### What you will do
Show every line from the data below that includes "Gruppe".

====== Records shown

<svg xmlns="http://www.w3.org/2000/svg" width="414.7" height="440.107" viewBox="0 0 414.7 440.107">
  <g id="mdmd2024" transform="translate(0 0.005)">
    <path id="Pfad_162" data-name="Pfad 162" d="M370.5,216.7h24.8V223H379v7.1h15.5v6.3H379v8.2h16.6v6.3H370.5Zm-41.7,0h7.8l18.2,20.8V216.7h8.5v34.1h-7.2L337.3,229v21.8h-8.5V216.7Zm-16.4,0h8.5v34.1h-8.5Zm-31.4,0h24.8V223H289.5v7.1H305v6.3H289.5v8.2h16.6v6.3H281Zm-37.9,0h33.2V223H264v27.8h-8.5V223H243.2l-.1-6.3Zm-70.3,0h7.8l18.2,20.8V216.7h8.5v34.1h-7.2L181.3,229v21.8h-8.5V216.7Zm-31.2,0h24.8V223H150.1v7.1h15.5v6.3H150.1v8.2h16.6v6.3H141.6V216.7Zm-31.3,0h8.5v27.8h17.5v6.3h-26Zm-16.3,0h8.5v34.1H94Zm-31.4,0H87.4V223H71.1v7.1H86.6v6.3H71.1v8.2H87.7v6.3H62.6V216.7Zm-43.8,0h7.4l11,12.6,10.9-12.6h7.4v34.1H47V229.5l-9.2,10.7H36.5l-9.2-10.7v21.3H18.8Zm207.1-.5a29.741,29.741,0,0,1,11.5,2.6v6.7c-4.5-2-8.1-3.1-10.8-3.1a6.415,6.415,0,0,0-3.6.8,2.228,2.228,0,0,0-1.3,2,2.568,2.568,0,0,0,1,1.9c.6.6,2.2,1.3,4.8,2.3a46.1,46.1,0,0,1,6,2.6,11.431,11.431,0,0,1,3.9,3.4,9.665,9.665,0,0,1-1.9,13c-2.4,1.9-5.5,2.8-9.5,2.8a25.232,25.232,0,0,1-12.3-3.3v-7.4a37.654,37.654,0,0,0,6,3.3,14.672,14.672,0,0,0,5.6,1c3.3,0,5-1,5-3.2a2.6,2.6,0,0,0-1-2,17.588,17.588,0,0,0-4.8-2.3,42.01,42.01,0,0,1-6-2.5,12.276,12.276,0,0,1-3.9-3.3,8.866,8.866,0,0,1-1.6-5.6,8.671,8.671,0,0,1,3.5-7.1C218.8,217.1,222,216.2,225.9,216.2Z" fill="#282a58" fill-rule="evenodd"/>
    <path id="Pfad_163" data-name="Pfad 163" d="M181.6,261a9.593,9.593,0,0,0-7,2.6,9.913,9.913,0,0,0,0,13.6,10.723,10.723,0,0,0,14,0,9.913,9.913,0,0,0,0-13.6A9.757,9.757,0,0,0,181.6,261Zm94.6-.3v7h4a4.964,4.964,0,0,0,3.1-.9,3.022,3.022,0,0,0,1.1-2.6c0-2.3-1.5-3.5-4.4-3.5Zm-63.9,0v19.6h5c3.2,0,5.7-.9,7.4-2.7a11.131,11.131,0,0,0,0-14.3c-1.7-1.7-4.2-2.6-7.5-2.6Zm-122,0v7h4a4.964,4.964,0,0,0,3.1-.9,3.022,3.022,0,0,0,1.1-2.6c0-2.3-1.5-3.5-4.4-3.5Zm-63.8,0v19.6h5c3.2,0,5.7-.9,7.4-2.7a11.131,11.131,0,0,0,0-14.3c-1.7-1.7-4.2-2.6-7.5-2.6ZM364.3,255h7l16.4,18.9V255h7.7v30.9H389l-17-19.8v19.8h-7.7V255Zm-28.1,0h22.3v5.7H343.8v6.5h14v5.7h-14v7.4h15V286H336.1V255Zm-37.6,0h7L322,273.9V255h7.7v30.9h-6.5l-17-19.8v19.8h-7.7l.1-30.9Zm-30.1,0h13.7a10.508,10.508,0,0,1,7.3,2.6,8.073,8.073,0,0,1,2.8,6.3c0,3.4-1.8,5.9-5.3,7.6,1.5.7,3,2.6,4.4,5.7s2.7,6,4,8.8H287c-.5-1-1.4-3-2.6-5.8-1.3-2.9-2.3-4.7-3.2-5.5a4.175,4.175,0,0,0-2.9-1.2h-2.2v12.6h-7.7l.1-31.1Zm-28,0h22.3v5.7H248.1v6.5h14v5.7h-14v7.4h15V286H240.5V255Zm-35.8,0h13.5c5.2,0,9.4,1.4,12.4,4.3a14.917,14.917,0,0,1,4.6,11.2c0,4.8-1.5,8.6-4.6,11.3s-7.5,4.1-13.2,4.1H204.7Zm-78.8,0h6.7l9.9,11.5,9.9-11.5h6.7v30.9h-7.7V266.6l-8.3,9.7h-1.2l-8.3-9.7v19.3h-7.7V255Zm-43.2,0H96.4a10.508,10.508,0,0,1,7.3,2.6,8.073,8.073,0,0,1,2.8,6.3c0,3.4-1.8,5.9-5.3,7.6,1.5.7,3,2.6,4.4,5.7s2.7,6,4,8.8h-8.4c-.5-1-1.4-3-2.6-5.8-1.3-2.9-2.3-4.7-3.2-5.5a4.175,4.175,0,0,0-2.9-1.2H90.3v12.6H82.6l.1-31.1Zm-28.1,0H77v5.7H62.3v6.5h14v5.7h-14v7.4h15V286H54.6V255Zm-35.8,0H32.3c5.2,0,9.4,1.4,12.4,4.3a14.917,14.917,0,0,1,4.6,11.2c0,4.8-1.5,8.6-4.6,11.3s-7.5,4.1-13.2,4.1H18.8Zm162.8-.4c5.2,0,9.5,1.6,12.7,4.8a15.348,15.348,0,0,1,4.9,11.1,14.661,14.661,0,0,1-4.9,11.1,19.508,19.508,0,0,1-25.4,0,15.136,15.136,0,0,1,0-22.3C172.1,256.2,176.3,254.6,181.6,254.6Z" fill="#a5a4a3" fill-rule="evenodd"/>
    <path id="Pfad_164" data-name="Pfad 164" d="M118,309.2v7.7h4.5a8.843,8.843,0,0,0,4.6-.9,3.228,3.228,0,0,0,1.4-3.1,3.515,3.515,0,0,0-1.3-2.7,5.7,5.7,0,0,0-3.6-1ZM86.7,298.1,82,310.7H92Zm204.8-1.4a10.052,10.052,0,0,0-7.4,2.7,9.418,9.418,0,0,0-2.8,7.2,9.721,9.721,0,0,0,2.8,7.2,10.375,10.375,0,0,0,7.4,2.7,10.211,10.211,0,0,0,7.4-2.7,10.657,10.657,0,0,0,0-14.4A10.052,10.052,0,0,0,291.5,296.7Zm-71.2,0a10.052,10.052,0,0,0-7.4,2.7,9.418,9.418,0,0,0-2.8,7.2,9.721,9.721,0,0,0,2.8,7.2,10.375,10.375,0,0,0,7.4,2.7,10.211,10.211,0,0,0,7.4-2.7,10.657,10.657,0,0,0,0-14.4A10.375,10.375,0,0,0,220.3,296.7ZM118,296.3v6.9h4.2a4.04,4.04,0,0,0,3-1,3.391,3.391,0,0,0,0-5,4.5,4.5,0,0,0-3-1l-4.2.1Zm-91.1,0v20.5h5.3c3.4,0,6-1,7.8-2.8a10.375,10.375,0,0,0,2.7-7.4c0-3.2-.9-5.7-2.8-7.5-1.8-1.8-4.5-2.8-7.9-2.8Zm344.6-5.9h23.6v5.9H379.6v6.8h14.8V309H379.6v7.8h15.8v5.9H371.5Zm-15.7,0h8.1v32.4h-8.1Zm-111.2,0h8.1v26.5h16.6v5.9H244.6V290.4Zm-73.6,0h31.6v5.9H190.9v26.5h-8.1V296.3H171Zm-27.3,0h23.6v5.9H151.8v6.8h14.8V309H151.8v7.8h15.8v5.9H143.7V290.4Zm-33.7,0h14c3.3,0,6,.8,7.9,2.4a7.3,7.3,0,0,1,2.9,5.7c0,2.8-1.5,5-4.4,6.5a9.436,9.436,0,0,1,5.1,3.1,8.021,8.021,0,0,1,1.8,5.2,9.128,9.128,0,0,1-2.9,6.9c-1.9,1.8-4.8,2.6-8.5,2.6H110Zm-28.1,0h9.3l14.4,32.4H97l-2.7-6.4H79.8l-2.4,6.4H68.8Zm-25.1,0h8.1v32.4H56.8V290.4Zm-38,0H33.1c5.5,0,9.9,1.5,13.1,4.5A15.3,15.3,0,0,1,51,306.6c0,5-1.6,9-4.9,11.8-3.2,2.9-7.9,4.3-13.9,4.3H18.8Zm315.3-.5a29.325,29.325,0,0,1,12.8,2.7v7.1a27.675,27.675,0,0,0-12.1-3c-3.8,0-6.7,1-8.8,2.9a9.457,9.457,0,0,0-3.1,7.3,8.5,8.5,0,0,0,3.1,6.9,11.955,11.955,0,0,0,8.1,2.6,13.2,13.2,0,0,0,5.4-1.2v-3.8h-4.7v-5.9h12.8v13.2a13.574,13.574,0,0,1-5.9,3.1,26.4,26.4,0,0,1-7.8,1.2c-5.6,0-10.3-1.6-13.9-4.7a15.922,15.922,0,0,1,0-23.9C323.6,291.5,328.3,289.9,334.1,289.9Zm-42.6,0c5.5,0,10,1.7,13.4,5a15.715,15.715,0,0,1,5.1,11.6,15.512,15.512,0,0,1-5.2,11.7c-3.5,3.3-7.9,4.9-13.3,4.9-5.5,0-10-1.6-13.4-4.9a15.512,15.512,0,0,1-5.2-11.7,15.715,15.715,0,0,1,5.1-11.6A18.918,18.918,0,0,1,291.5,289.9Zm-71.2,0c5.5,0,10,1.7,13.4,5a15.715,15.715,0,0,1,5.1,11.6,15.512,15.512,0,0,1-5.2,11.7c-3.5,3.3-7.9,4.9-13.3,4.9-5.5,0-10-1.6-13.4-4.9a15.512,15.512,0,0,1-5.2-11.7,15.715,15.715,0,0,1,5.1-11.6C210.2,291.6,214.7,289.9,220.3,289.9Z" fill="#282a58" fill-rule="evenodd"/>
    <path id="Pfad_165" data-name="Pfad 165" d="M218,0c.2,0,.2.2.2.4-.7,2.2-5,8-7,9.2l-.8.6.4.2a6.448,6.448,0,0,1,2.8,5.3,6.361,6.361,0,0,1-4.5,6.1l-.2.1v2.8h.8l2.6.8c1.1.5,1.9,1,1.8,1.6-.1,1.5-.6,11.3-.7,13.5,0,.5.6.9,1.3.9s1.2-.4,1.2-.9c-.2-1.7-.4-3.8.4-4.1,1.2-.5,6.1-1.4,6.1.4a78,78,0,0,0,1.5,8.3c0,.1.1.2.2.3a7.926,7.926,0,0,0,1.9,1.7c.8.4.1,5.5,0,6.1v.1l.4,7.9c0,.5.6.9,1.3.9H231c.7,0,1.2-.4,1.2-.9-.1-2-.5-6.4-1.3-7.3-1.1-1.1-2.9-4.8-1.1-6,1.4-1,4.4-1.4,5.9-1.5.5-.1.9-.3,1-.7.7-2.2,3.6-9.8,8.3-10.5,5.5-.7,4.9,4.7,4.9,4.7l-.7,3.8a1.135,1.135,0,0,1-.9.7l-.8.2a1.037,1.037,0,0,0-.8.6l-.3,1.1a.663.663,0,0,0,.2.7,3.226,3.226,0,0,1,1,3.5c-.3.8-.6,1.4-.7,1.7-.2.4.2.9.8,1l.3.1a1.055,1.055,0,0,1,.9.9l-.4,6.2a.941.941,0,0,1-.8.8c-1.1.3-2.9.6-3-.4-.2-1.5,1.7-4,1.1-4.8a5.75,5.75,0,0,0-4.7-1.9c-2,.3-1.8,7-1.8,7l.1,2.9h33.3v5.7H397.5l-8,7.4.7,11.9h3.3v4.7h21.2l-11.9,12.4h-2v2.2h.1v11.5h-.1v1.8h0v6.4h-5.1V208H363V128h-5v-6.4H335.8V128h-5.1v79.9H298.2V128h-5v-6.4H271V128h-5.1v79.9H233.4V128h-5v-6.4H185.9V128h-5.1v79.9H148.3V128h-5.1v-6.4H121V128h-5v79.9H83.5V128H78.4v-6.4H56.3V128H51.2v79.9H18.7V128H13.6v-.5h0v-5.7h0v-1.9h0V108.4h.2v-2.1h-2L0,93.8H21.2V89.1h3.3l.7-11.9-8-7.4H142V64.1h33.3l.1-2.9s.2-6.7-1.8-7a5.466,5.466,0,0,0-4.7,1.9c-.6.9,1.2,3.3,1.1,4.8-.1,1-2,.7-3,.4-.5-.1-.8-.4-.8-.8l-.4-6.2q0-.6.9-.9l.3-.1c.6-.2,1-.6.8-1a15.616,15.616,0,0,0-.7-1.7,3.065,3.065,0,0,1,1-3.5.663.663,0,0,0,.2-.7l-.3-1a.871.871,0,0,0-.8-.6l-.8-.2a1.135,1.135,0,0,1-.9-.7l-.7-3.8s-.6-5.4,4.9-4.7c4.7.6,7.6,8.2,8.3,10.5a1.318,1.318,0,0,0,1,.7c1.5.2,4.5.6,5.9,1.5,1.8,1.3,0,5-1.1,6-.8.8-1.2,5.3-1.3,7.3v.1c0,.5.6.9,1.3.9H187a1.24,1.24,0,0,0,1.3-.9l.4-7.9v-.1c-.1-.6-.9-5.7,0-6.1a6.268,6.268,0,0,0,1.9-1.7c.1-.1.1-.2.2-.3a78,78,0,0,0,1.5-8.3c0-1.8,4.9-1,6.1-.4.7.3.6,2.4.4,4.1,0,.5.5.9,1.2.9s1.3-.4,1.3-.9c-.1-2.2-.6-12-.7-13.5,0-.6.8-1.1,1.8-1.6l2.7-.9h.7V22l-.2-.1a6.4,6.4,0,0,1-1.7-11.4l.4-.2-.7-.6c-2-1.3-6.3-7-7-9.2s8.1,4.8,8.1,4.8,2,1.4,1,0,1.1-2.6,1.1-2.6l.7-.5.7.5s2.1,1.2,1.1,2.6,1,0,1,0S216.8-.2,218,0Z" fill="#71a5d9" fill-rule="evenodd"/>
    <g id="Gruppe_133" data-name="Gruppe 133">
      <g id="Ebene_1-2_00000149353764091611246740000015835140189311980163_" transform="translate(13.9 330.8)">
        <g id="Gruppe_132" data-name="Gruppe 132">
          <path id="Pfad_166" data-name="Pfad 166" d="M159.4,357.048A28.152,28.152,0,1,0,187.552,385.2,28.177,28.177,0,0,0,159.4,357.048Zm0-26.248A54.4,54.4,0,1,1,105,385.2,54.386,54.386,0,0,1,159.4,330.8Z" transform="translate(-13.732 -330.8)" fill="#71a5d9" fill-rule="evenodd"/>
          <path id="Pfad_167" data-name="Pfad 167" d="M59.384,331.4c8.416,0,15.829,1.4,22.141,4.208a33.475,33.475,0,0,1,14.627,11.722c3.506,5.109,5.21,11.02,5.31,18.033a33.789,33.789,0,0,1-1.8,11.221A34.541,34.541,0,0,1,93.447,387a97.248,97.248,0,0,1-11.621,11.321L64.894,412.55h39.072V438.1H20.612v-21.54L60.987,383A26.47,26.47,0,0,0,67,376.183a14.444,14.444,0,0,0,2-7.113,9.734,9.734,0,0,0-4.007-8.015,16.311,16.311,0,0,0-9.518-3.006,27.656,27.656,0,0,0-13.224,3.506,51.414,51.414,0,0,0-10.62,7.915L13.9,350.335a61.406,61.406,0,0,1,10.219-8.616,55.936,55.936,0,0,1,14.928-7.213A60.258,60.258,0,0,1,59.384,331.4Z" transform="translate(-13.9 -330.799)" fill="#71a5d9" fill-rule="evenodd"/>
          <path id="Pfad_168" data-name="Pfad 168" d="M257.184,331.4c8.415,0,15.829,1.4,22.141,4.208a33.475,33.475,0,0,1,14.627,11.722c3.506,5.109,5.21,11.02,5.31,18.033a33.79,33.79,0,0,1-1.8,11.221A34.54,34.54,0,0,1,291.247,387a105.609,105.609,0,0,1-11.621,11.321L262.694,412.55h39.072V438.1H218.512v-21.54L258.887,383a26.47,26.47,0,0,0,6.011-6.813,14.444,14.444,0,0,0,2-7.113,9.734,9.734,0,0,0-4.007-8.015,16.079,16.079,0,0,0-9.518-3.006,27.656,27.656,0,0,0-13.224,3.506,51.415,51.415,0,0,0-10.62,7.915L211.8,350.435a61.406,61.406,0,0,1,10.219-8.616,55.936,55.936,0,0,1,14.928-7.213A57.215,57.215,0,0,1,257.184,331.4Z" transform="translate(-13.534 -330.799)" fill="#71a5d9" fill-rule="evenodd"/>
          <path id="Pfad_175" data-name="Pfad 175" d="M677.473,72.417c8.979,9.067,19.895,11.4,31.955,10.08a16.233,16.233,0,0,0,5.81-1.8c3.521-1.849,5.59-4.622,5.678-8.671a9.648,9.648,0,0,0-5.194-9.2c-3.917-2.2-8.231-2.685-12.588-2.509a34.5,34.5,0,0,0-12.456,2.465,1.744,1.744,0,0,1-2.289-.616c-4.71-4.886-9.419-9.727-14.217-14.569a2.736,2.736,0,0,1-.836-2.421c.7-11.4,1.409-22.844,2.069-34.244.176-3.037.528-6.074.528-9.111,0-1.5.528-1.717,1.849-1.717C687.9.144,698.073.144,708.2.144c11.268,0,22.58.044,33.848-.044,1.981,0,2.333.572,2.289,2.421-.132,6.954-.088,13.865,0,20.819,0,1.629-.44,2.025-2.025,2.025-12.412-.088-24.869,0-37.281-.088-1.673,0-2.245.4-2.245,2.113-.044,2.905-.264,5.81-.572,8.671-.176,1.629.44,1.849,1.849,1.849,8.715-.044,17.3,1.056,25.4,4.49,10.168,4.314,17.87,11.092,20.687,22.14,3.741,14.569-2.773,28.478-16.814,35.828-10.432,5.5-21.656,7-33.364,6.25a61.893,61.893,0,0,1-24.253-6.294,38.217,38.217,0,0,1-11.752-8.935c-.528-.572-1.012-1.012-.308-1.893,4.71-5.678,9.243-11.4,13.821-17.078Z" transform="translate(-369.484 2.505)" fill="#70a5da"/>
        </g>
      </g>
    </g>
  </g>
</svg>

============

### Answer for this exercise
    <g id="Gruppe_133" data-name="Gruppe 133">
        <g id="Gruppe_132" data-name="Gruppe 132">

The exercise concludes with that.